◆ **Task prompt**:
Reproduce each line below precisely. Drop the pictures.

◆ **Supplied records**:

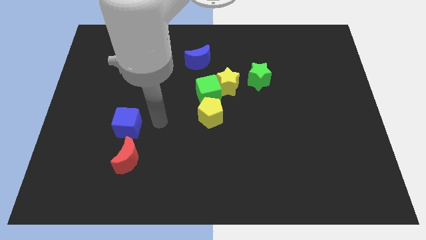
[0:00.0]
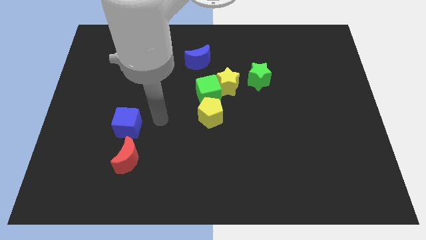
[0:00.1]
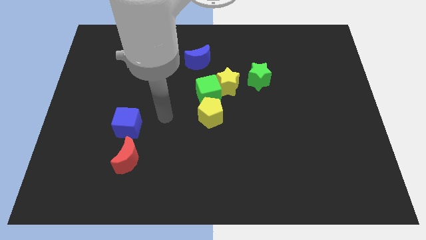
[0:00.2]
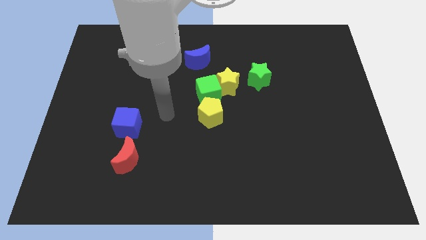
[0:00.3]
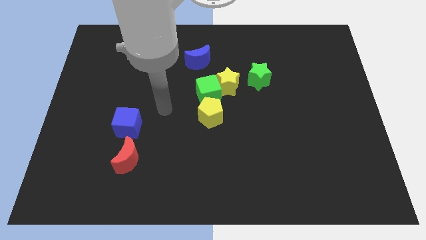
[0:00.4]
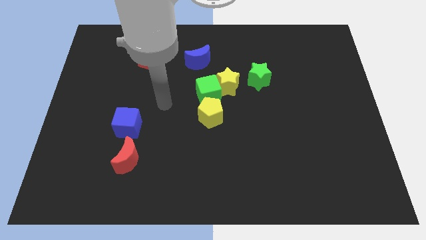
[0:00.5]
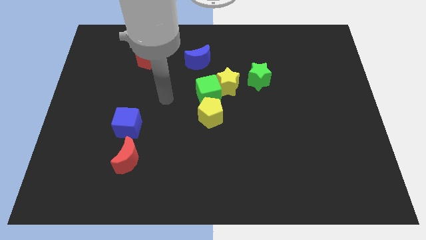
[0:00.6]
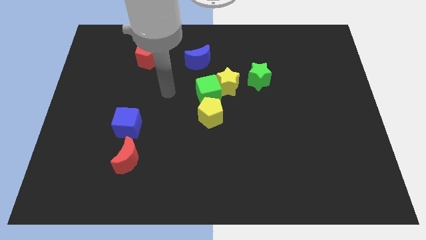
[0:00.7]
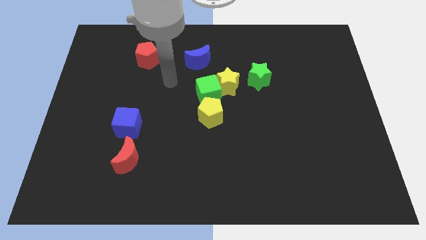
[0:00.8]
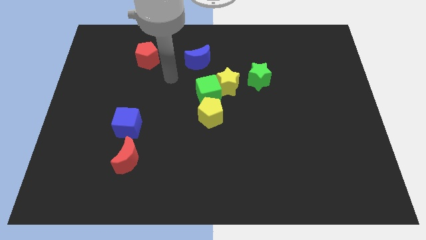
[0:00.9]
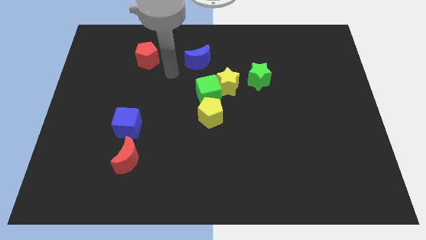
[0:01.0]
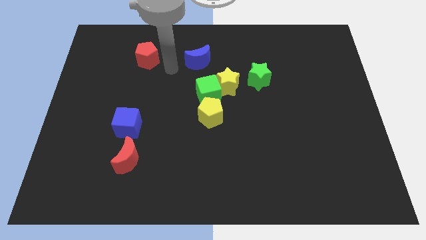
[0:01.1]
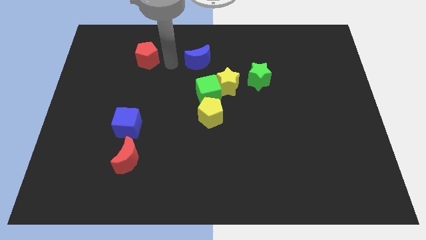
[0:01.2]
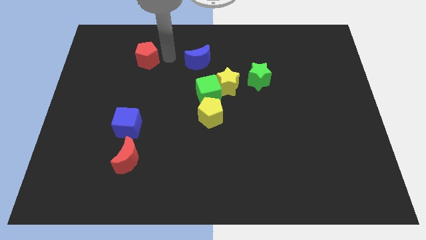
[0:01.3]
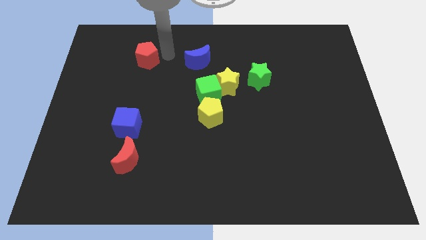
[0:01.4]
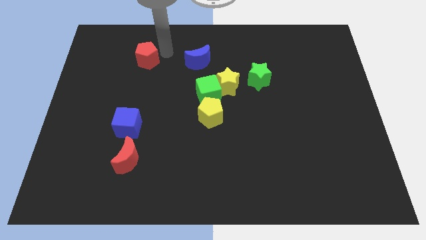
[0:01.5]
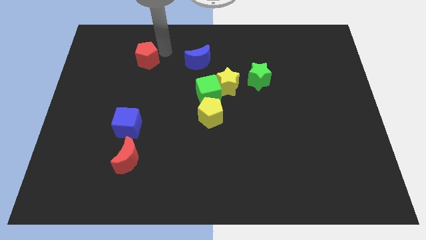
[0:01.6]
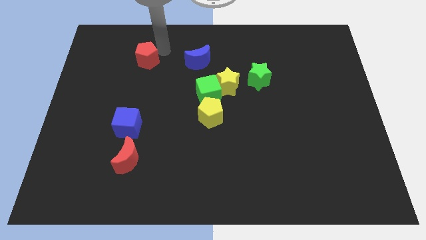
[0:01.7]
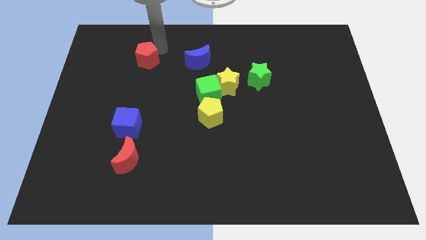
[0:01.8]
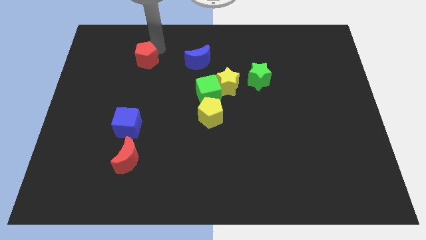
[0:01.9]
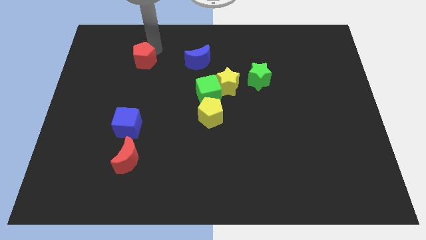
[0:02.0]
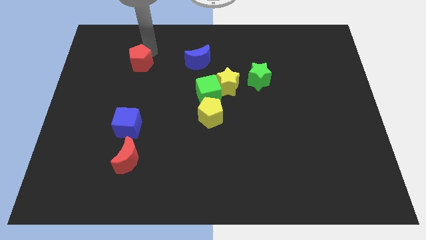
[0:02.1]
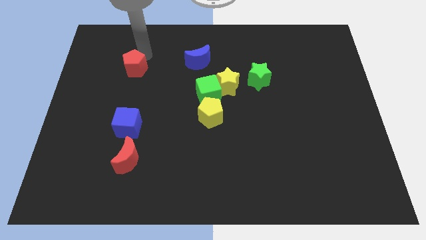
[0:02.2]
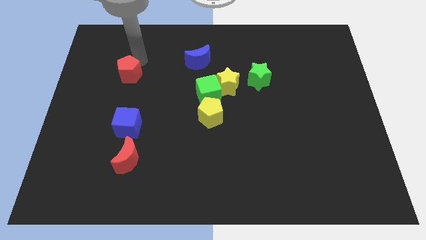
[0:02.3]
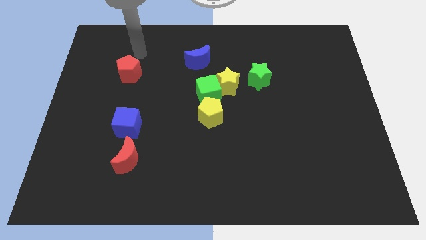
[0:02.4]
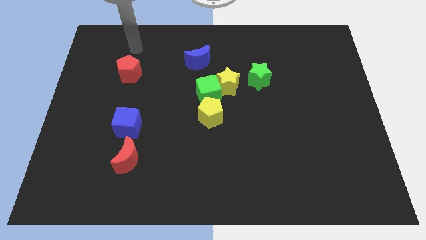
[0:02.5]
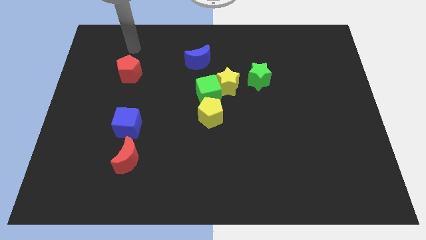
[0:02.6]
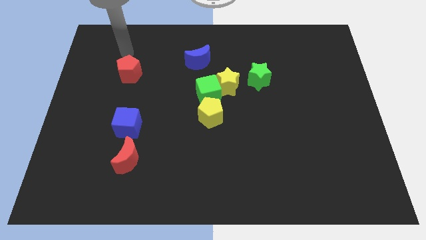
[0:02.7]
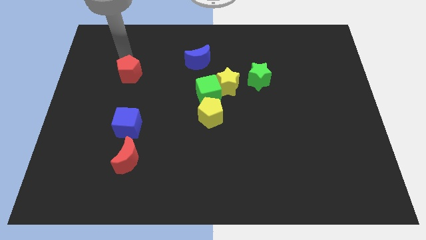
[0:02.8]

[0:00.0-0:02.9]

◆ **Exercise output**:
[0:00.0]
[0:00.1]
[0:00.2]
[0:00.3]
[0:00.4]
[0:00.5]
[0:00.6]
[0:00.7]
[0:00.8]
[0:00.9]
[0:01.0]
[0:01.1]
[0:01.2]
[0:01.3]
[0:01.4]
[0:01.5]
[0:01.6]
[0:01.7]
[0:01.8]
[0:01.9]
[0:02.0]
[0:02.1]
[0:02.2]
[0:02.3]
[0:02.4]
[0:02.5]
[0:02.6]
[0:02.7]
[0:02.8]

[0:00.0-0:02.9]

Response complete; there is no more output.